Top of DATA EXCERPTS

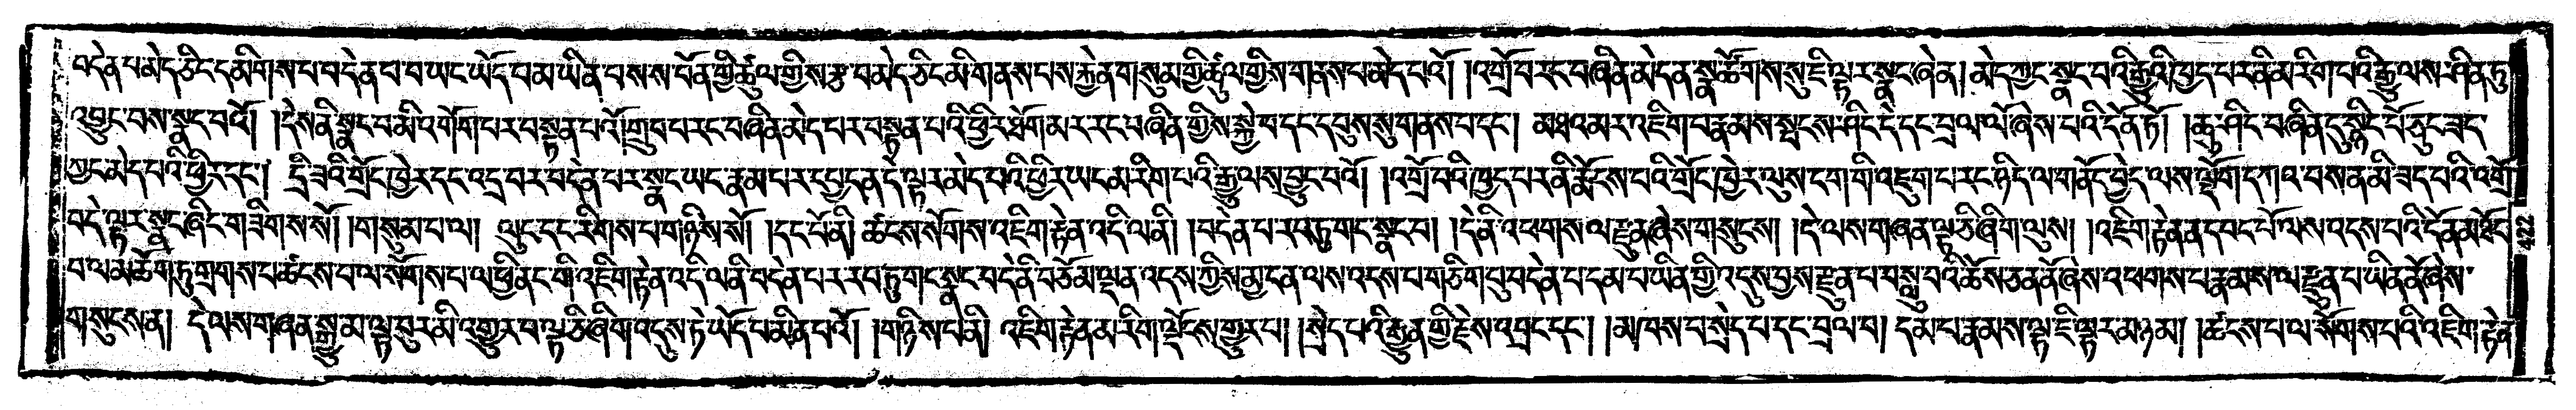བདེན་པ་མེད་ཅིང་དམིགས་པ་བདེན་པ་བ་ཡང་ཡོད་པ་མ་ཡིན་པས་ས་བོན་གྱི་ཚུལ་གྱིས་རྩ་བ་མེད་ཅིང་མི་གནས་པས་རྐྱེན་གསུམ་གྱི་ཚུལ་གྱིས་གནས་པ་མེད་པའོ། །འགྲོ་བ་རང་བཞིན་མེད་ན་སྣ་ཚོགས་སུ་ཇི་ལྟར་སྣང་ཞེ་ན། མེད་ཀྱང་སྣང་བའི་རྒྱུའི་ཁྱད་པར་ནི་མ་རིག་པའི་རྒྱུ་ལས་ཤིན་ཏུ་
འབྱུང་བས་སྣང་བའོ། །དེས་ནི་སྣང་བ་མི་འགོག་པར་བསྟན་པའོ། །གྲུབ་པ་རང་བཞིན་མེད་པར་བསྟན་པའི་ཕྱིར་ཐོག་མར་རང་བཞིན་གྱིས་སྐྱེ་བ་དང་དབུས་སུ་གནས་པ་དང་། མཐའ་མར་འཇིག་པ་རྣམས་སྤངས་ཤིང་དེ་དང་བྲལ་ལོ་ཞེས་པའི་དོན་ཏོ། །ཆུ་ཤིང་བཞིན་དུ་སྙིང་པོ་ཅུང་ཟད་
ཀྱང་མེད་པའི་ཕྱིར་དང་། དྲི་ཟའི་གྲོང་ཁྱེར་དང་འདྲ་བར་བདེན་པར་སྣང་ཡང་རྣམ་པར་དཔྱད་ན་དེ་ལྟར་མེད་པའི་ཕྱིར་ཡང་མ་རིག་པའི་རྒྱུ་ལས་བྱུང་བའོ། །འགྲོ་བའི་ཁྱད་པར་ནི་རྨོངས་པའི་གྲོང་ཁྱེར་ལུས་ངག་གི་འཇུག་པ་རང་ཉིད་ལ་གནོད་བྱེད་ལས་ལྡོག་དཀའ་བས་ན་མི་ཟད་པའི་འགྲོ་
བདེ་ལྟར་སྣང་ཞིང་གཟིགས་སོ། །གསུམ་པ་ལ། ལུང་དང་རིགས་པ་གཉིས་སོ། །དང་པོ་ནི། ཚངས་སོགས་འཇིག་རྟེན་འདི་ལ་ནི། །བདེན་པ་རབ་ཏུ་གང་སྣང་བ། །དེ་ནི་འཕགས་ལ་རྫུན་ཞེས་གསུངས། །དེ་ལས་གཞན་ལྟ་ཅི་ཞིག་ལུས། །འཇིག་རྟེན་ན་དབང་པོ་ལས་འདས་པའི་དོན་མཐོང་
བ་ལ་མཆོག་ཏུ་གྲགས་པ་ཚངས་བ་ལ་སོགས་པ་ལ་ཕྱི་ནང་གི་འཇིག་རྟེན་འདི་ལ་ནི་བདེན་པར་རབ་ཏུ་གང་སྣང་བ་དེ་ནི་བཅོམ་ལྡན་འདས་ཀྱིས་མྱ་ངན་ལས་འདས་པ་གཅིག་པུ་བདེན་པ་དམ་པ་ཡིན་གྱི་འདུས་བྱས་རྫུན་པ་བསླུ་བའི་ཆོས་ཅན་ནོ་ཞེས་འཕགས་པ་རྣམས་ལ་རྫུན་པ་ཡིན་ནོ་ཞེས་
གསུངས་ན། དེ་ལས་གཞན་སྒྱུ་མ་ལྟ་བུར་མི་འགྱུར་བ་ལྟ་ཅི་ཞིག་འདུས་ཏེ་ཡོད་པ་མིན་པའོ། །གཉིས་པ་ནི། འཇིག་རྟེན་མ་རིག་ལྡོངས་གྱུར་པ། །སྲེད་པའི་རྒྱུན་གྱི་རྗེས་འབྲང་དང་། །མཁས་པ་སྲེད་པ་དང་བྲལ་བ། དམ་པ་རྣམས་ལྟ་ཇི་ལྟར་མཉམ། །ཚངས་པ་ལ་སོགས་པའི་འཇིག་རྟེན་

Bottom of DATA EXCERPTS

Copy all lines of the listing above that contain the string "འཕགས".

བདེ་ལྟར་སྣང་ཞིང་གཟིགས་སོ། །གསུམ་པ་ལ། ལུང་དང་རིགས་པ་གཉིས་སོ། །དང་པོ་ནི། ཚངས་སོགས་འཇིག་རྟེན་འདི་ལ་ནི། །བདེན་པ་རབ་ཏུ་གང་སྣང་བ། །དེ་ནི་འཕགས་ལ་རྫུན་ཞེས་གསུངས། །དེ་ལས་གཞན་ལྟ་ཅི་ཞིག་ལུས། །འཇིག་རྟེན་ན་དབང་པོ་ལས་འདས་པའི་དོན་མཐོང་
བ་ལ་མཆོག་ཏུ་གྲགས་པ་ཚངས་བ་ལ་སོགས་པ་ལ་ཕྱི་ནང་གི་འཇིག་རྟེན་འདི་ལ་ནི་བདེན་པར་རབ་ཏུ་གང་སྣང་བ་དེ་ནི་བཅོམ་ལྡན་འདས་ཀྱིས་མྱ་ངན་ལས་འདས་པ་གཅིག་པུ་བདེན་པ་དམ་པ་ཡིན་གྱི་འདུས་བྱས་རྫུན་པ་བསླུ་བའི་ཆོས་ཅན་ནོ་ཞེས་འཕགས་པ་རྣམས་ལ་རྫུན་པ་ཡིན་ནོ་ཞེས་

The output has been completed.